Biffy Clyro interview: 'We wanted to be the opposite of Oasis'
In the autumn of 2004, Biffy Clyro offered me a job as a roadie. It was an unpaid short-term position that consisted of just one task: ferrying a small stack of white towels and several bottles of chilled water to the stage of the Barrowland Ballroom in the east end of Glasgow.
“These towels and bottles here?”
“The very same,” I was told.
The band were due onstage in five minutes. As I scurried to the drum-riser, front of house a crowd of almost 2000 people chanted “Mon the Biff! Mon the Biff!” – RP translation: “come on the Biffy Clyro” – with a startling and thunderous unity. The noise was so overwhelming that I barely dared sneak a look in the direction of the faces making it. To this day, it remains one of the most intimidating experiences of my life.
“Welcome to my world, man,” says Simon Neil, the band’s singer and guitarist.
I arrived in Scotland believing Biffy Clyro to be a capable alternative rock band of little overall significance. But as the “Barrowlands” emptied and its staff began to clear its wooden dance-floor of thousands of plastic pint pots, it was obvious that Something Was Happening. I wondered if a group with such a terrible name could become truly popular. Don’t worry, I was told, you’ll get used to it. Fifteen years later, I did.
Today Biffy Clyro are one of the most popular bands in Britain. They’re also its best. At the time of writing, the group’s latest album, A Celebration Of Endings, released last week, has sold 25,000 copies in the United Kingdom alone. In the digital age, in the midst of a pandemic, this is big beer. Barring the unforeseen, Biffy’s new LP will join its two predecessors in entering the chart at number one.
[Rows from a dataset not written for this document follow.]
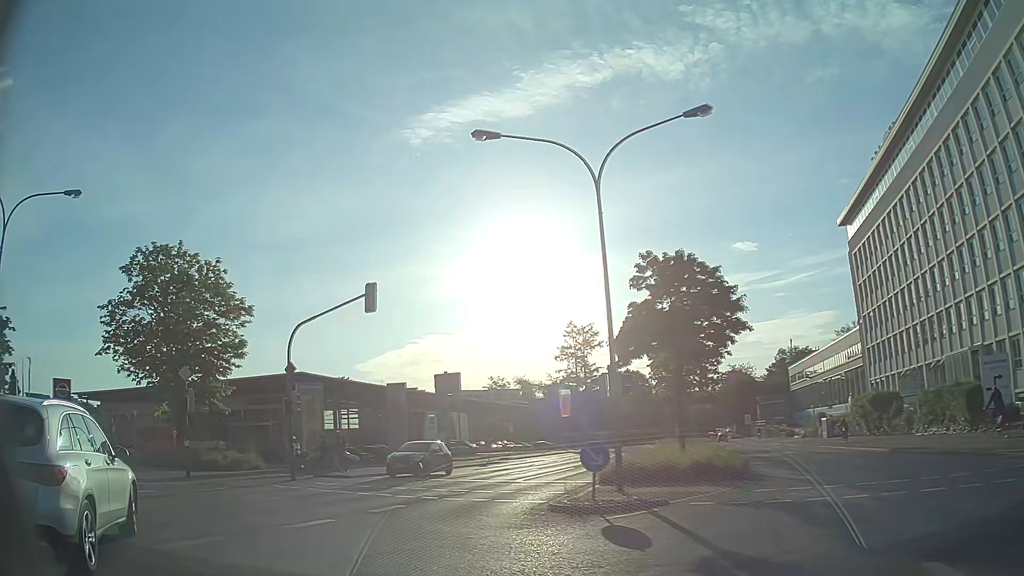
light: Day
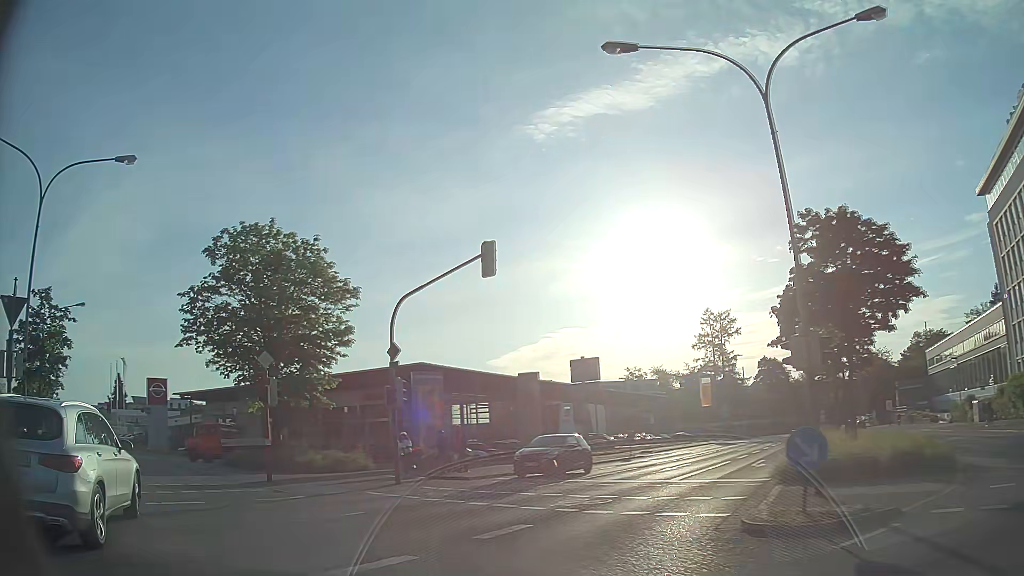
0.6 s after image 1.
(-0.5, +4.2) m; -13°
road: secondary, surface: asphalt
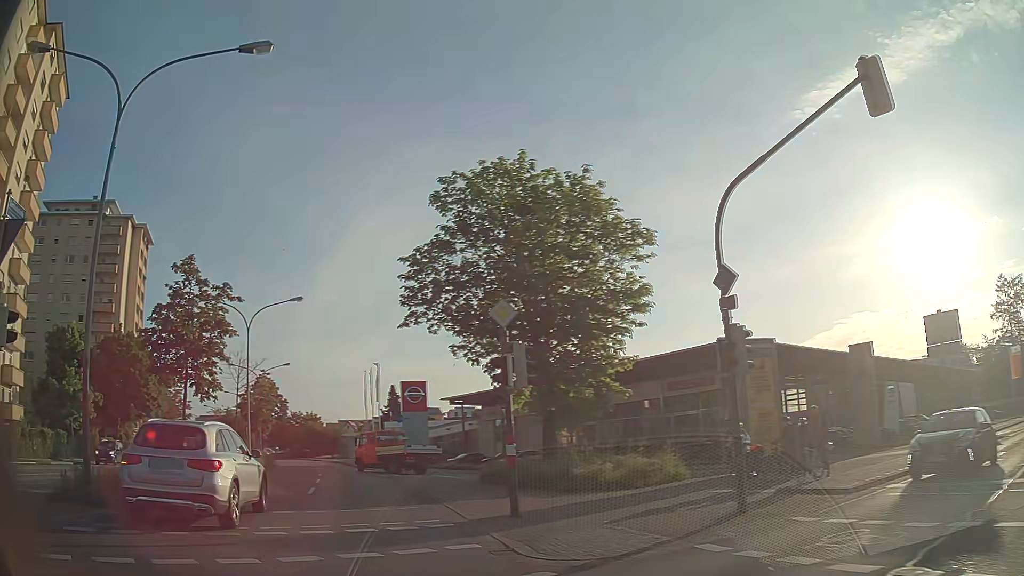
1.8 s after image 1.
(-1.8, +8.6) m; -25°
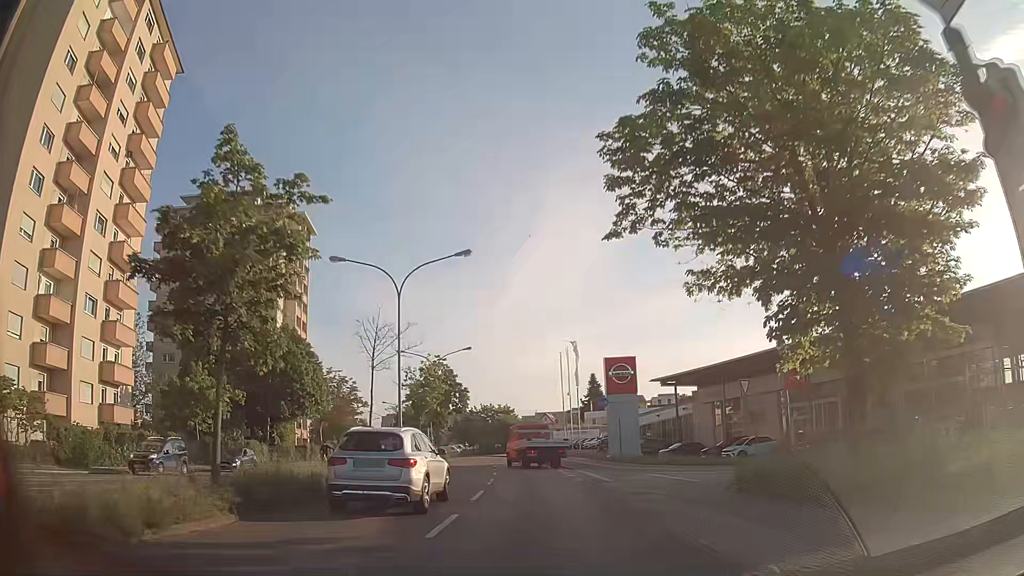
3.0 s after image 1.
(-1.8, +9.5) m; -17°

“I want to remind people what rock music is all about,” says Neil. “I think this is a vibrant guitar record and I don’t feel that I’ve heard a lot of them over the last few years.”
The top spot will be deserved. Equipped with a forensic attention to detail, the band’s eighth album is a seamless mixture of rock, pop and metal that boasts a wing-span of which others can only dream. At times this is a collection that sparks with violence; at others it is the home of the unusual lullaby. Melodies abound. When the billionaire-class ballad Space is unveiled as a stand-alone track in the autumn, it will surely dominate the rest of the year.
A Celebration Of Endings was originally scheduled for release in May. But “it would have been insensitive and difficult to talk about a record with this thing going around the world,” says drummer Ben Johnston. Only now, in the dog days of summer, have the trio decided that enough is enough. In doing so, Biffy Clyro are the first Major League rock act to break cover in the Covid age.
“This album is us sharing our moment of joy,” says James Johnston, the group’s bassist and Ben’s twin brother. Both men are smiling from my computer screen. “There’s been so much guilt attached to having joy in your life. But I think we’ve got to have these moments because I do believe that’s the only way that humankind can exist amid all this darkness."
“I think people are ready to have music back in their lives again,” says Ben Johnston. “I know I am.”
As London braces itself for a heat wave, Simon Neil sits at a table in a rooftop hotel bar in the centre of the city. With a smile that could span the Clyde, his manner is dependably sunny-side up; even a day of press cannot extinguish the buoyancy of forward momentum. The last time I saw him, in February, he was wearing a winter coat. As a different kind of frigidity descended in the spring, he began scaling the walls.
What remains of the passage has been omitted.